Assessment of nerve function recovery
The recovery of median nerve function was assessed by means of the grasping test [17]. Briefly, the rats were gently lifted by the tail and allowed to grasp a grid connected to an ordinary electronic balance. While grasping the grid, the animal continued to be lifted by the tail with increasing firmness until it lost its grip. At this precise moment, the value shown by the balance was recorded. Before surgery, the function of the right median nerve was assessed in all animals in order to obtain baseline control values (presurgery). All animals were then retested on postoperative day 10 and at the end of the experiment (day 21). The contralateral forepaw was temporarily prevented by wrapping it around with an adhesive tape. The tests were made by a single, skilled investigator who was blinded to the experimental group to which each animal belonged.
Histology and quantitative morphology
Twenty-one days after surgery, under general anesthesia, the site of crush was located through a stitch made in the neighboring muscle, and the median nerve segment (proximal segment) was removed after being fixed in situ with 2.5% glutaraldehyde solution in 0.025 M cacodylate buffer. The distal segment (forearm, distal 1/3) of the median nerve and the lateral proper digital nerve of the third finger (the more distal branch of the median nerve) were also removed. After removal, the nerves were kept in the same fixative solution for an additional 48 h, postfixed with 1% osmium tetroxide for 12 h, and processed for epoxy resin embedding (Poly/Bed 812®, Polysciences Inc., Warrington, PA, USA). After careful positioning of the nerve fragments in the embedding molds, transverse sections were cut at 0.25 μm, stained with 1% Toluidine blue, and observed under an Axiophot photomicroscope (Carl Zeiss, Jena, Germany).

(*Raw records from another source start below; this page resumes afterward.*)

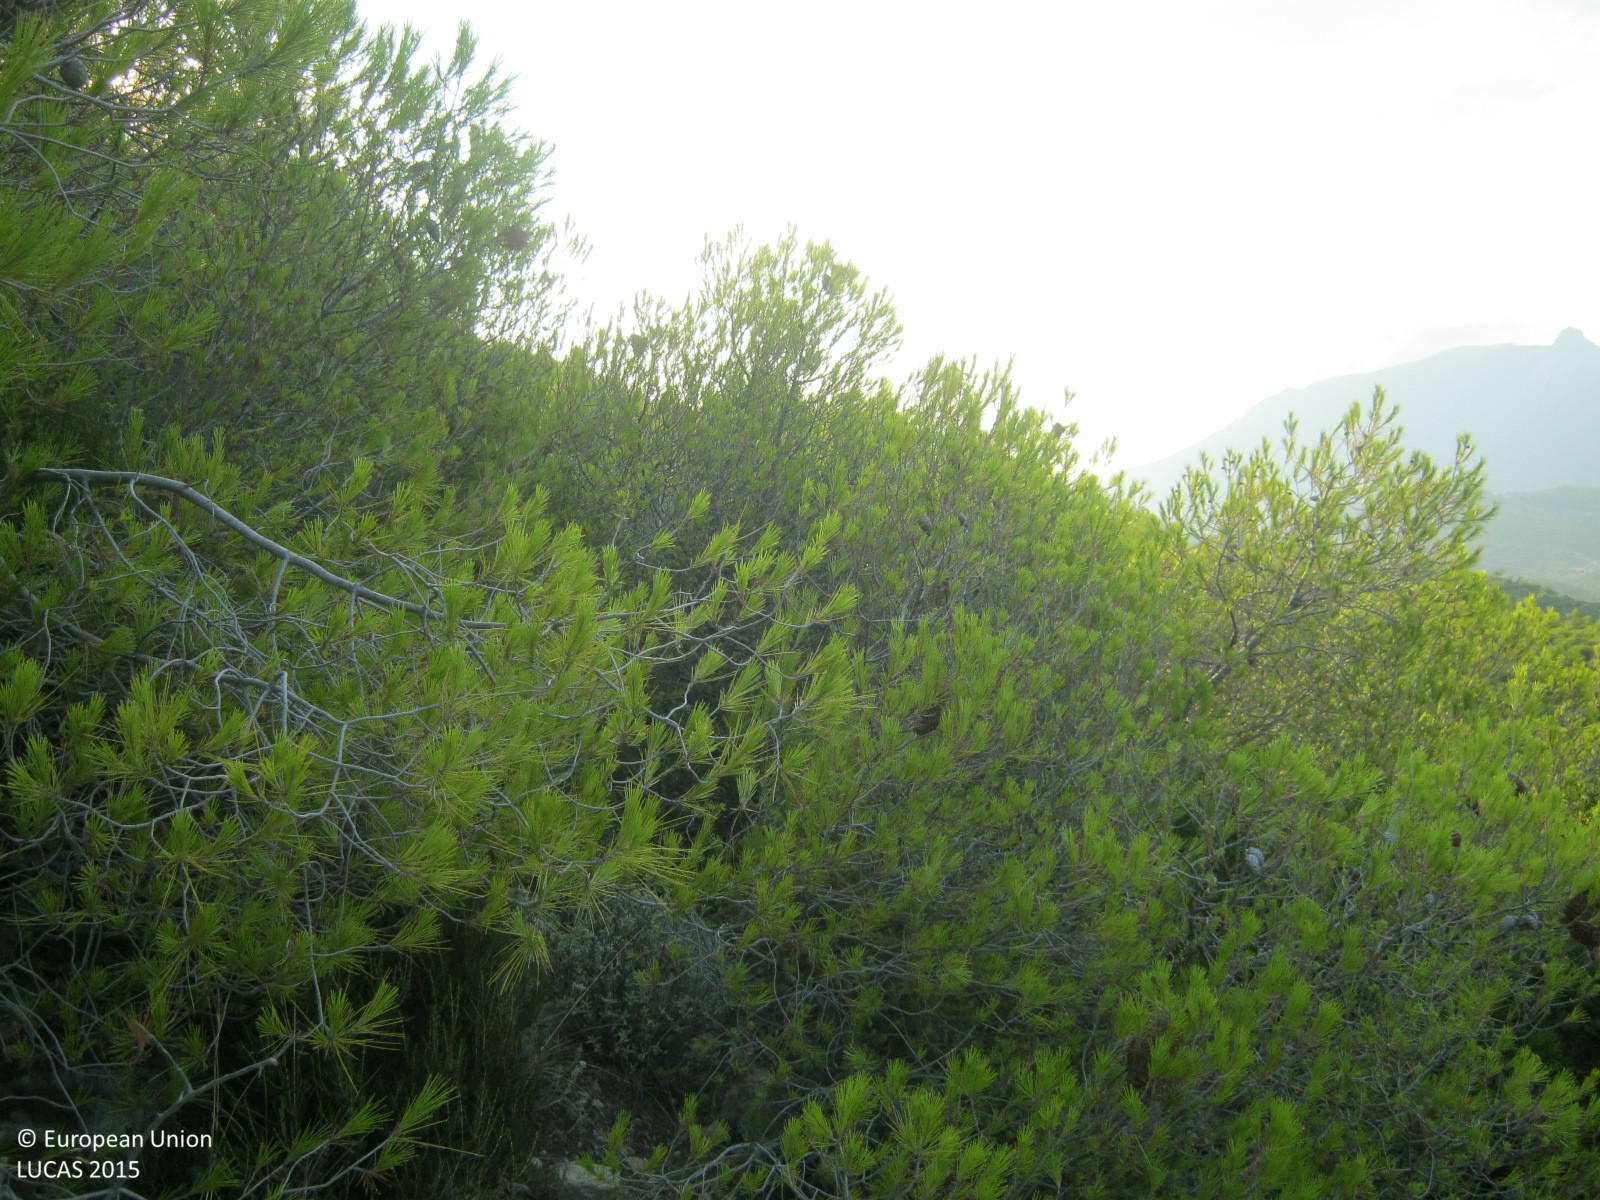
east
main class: Woodland
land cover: Pine dominated coniferous woodland
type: coniferous forest of the mediterranean region
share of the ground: 50 - 75 %
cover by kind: coniferous forest trees 65 %, unconsolidated bare surface 25 %, shrubs 5 %, herbaceous plants 5 %
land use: Semi-natural and natural areas not in use
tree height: < 5 m
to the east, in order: Pine dominated coniferous woodland; Rocks and stones; Pine dominated coniferous woodland
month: July
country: GR
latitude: 38.0376
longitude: 22.9053
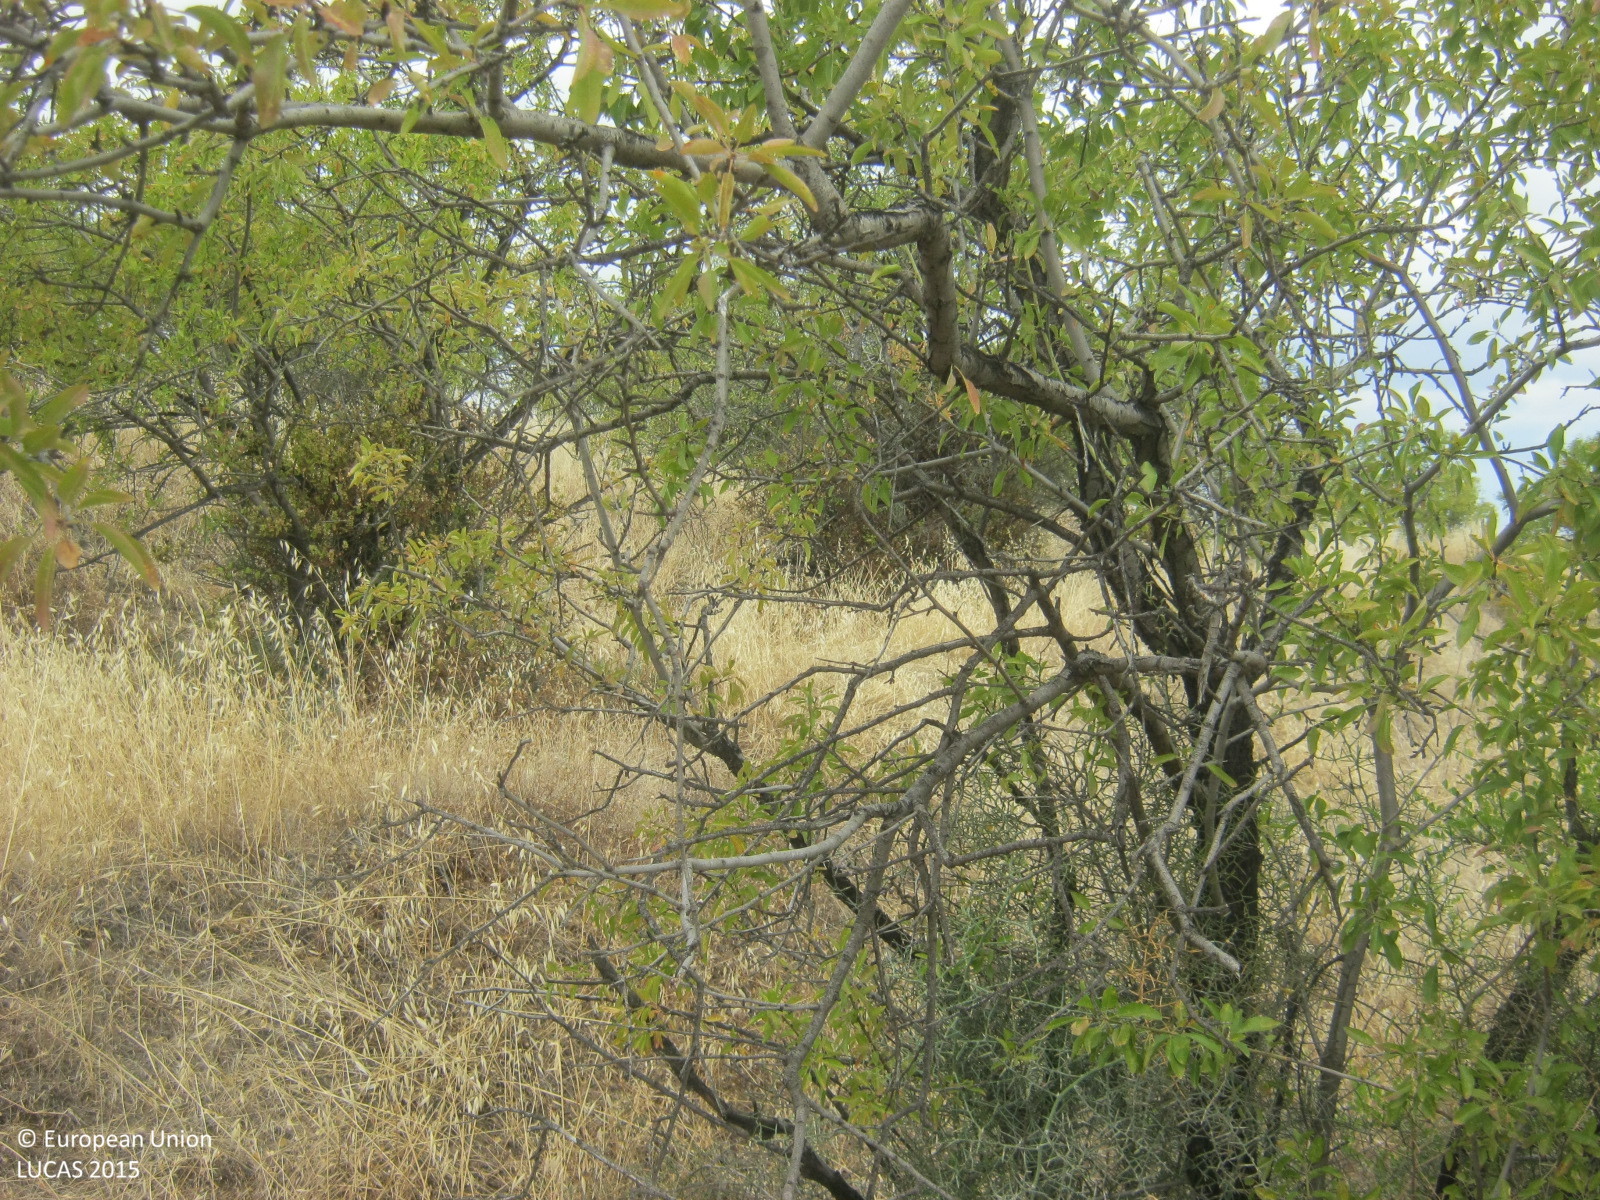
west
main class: Cropland
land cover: Nuts trees
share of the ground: 25 - 50 %
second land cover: Grassland without tree/shrub cover
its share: > 75 %
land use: Agriculture (excluding fallow land and kitchen gardens)
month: June
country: CY
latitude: 35.0625
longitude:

The images were acquired via a digital camera (TK-1270, JVC, Victor Company of Japan, Ltd, Tokyo, Japan) and were analyzed using an IBM/PC. Analysis of the sections was blind. The cross-sectional areas of the fascicles were obtained manually, and the number of fascicles was counted. The luminal area and number of capillaries were also obtained. The endoneurial area occupied by the capillaries was measured. In the study of the myelinated fibers, the endoneurial space was observed using an optical set with an oil immersion lens (100×), optovar (1.6×), and a camera with lens of 0.5× and an 8× magnification, which provided images with excellent resolution. The images were scanned using an automatic motorized microscope stage (Carl Zeiss, Jena, Germany), without overlap of the microscopic fields. Thirty percent of such microscopic fields were randomly studied in proximal and distal segments of the median nerves. All microscopic fields of the lateral proper digital nerve of the third finger were analyzed. The morphometric parameters for the myelinated fibers of the nerve segments were obtained as described previously [18, 19]. Briefly, the total number of myelinated fibers present in each microscopic field was identified by visual inspection and counted. The numerical density of the myelinated fibers was calculated. The minimal diameter of the myelinated fibers was measured using image-analysis software (KS 400, Kontron 2.0, Eching Bei München, Germany). Only fibers of circular shape were measured. Both the axonal minimal diameter and the total fiber minimal diameter were measured, and the ratio between the two diameters, the g-ratio (a measure of the degree of myelination), was obtained [20, 21]. The myelin sheath area was calculated for each myelinated fiber area measured. Histograms of the distribution of the myelinated fiber and axon populations were constructed. A regression analysis was generated to determine the relationship between the diameter of the axon and that of the myelinated fiber (shown for the proximal and distal segments of the median nerves).
Statistical analysis
Functional and morphometric data are presented as mean ± SD. Morphometric data were compared between groups by the non-parametric Kruskal–Wallis test. Two-tailed and functional data was compared by the non-parametric Kruskal–Wallis test followed by the post hoc Dunn test. Statistical analysis was performed using the Statistical Package for the Social Science (SPSS), version 15.0. Differences were considered significant at p ≤ 0.05.
Results
The results of the grasping test assessment are reported in Table 1. On the 10th day after injury, the three groups presented similar values of muscle strength, corresponding to only 7% (untreated and delayed groups) and 6% (early group) of normal values. The untreated, early, and delayed groups presented 50, 57, and 81% of the normal strength, respectively, on the 21st day after injury. There was a significant difference (p = 0.03) between the untreated and delayed groups on the 21st day.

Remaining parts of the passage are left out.